Hoje choveu sobre a minha infância. Todos os vestígios que os meus pés deixaram no chão desapareceram. Tento lembrar-me dos meus antepassados. Alguns retratos da minha mente vêem-me à memória, quantidades indeterminadas de imagens. A praça cheia de produtos naturais no centro de Moscavide. As árvores que dormiam ao peso do calor, como a mão quente da minha avó que se colava à minha para não me perder de vista.
Lá na minha terra quem marcava o lento ritmo da vida era o sol, as conversas de vizinhas, as noites de S. João e os Dezembros frios ou chuvosos. Talvez por isso, a minha recordação se concentrasse num rio. Ligeiro o flutuar das águas onde as minhas lembranças se incubavam. Onde a clareza do meu ser era mais translúcida.
- Na terra do meu avô eles pescavam, elas lavavam a roupa e as crianças brincavam por ali.
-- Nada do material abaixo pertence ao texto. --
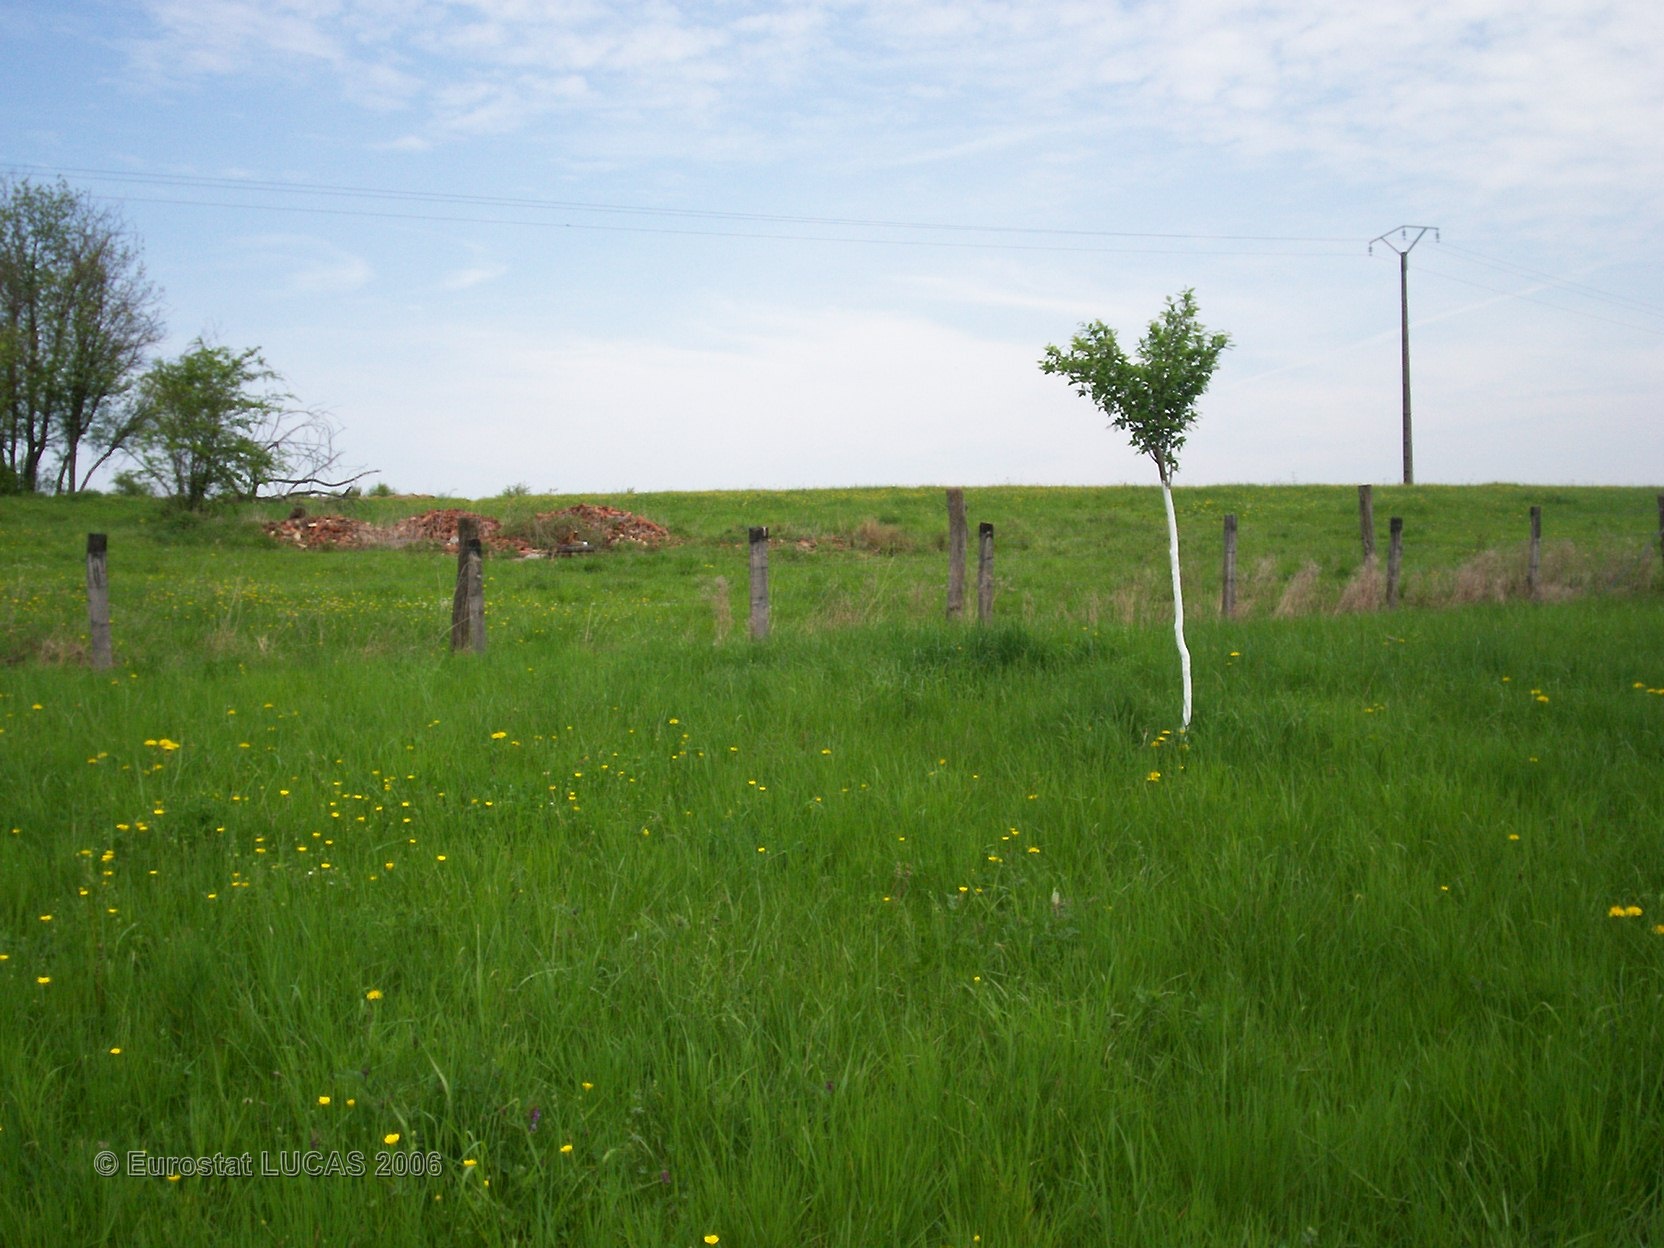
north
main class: Cropland
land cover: Other fruit trees and berries
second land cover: Grassland with sparse tree/shrub cover
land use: Agriculture (excluding fallow land and kitchen gardens)
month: May
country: FR
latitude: 48.4926
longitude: 5.9810

Era outro rio… Nas suas margens vivas, existia um vasto aglomerado de canas doces. Quando eu era pequena, deitada sobre uma cama de palha, contei todas as estrelas do céu e agora não conseguia lembrar-me de quantas eram.
Uma lágrima arrastou-me para a verdade de que tudo era inocência. Talvez porque a maldade na terra do meu avô ou na minha se encontrava disfarçada. Eu era uma criança (para essa criança estas memórias) e hoje era tudo tão vago.
Hoje o sol não iluminava nem esta nem a outra parte de mim.
O sol pairava oscilante na outra margem e a chuva continuava a cair persistente, sobre a minha infância.
Num ímpeto, agarrei em algo e escrevi uma ode metálica que começou com o processo de formação do barulho ao ranger dos meus dedos. Desesperada desci até à liberalidade do silêncio, até ao que de mais profundo tem a recusa das nascentes. Aí a água gelava, o coração estremecia e o vento arrancava as raízes do carvalho-lusitano. Assim as aves não podiam germinar e a paz não arriscava o voo.
A passos largos aproximei-me do tempo das coisas secretas, cavalguei para o lado dos segredos e das mãos dadas onde eu desejei embriagada em perfume, que não mais chovesse na minha infância.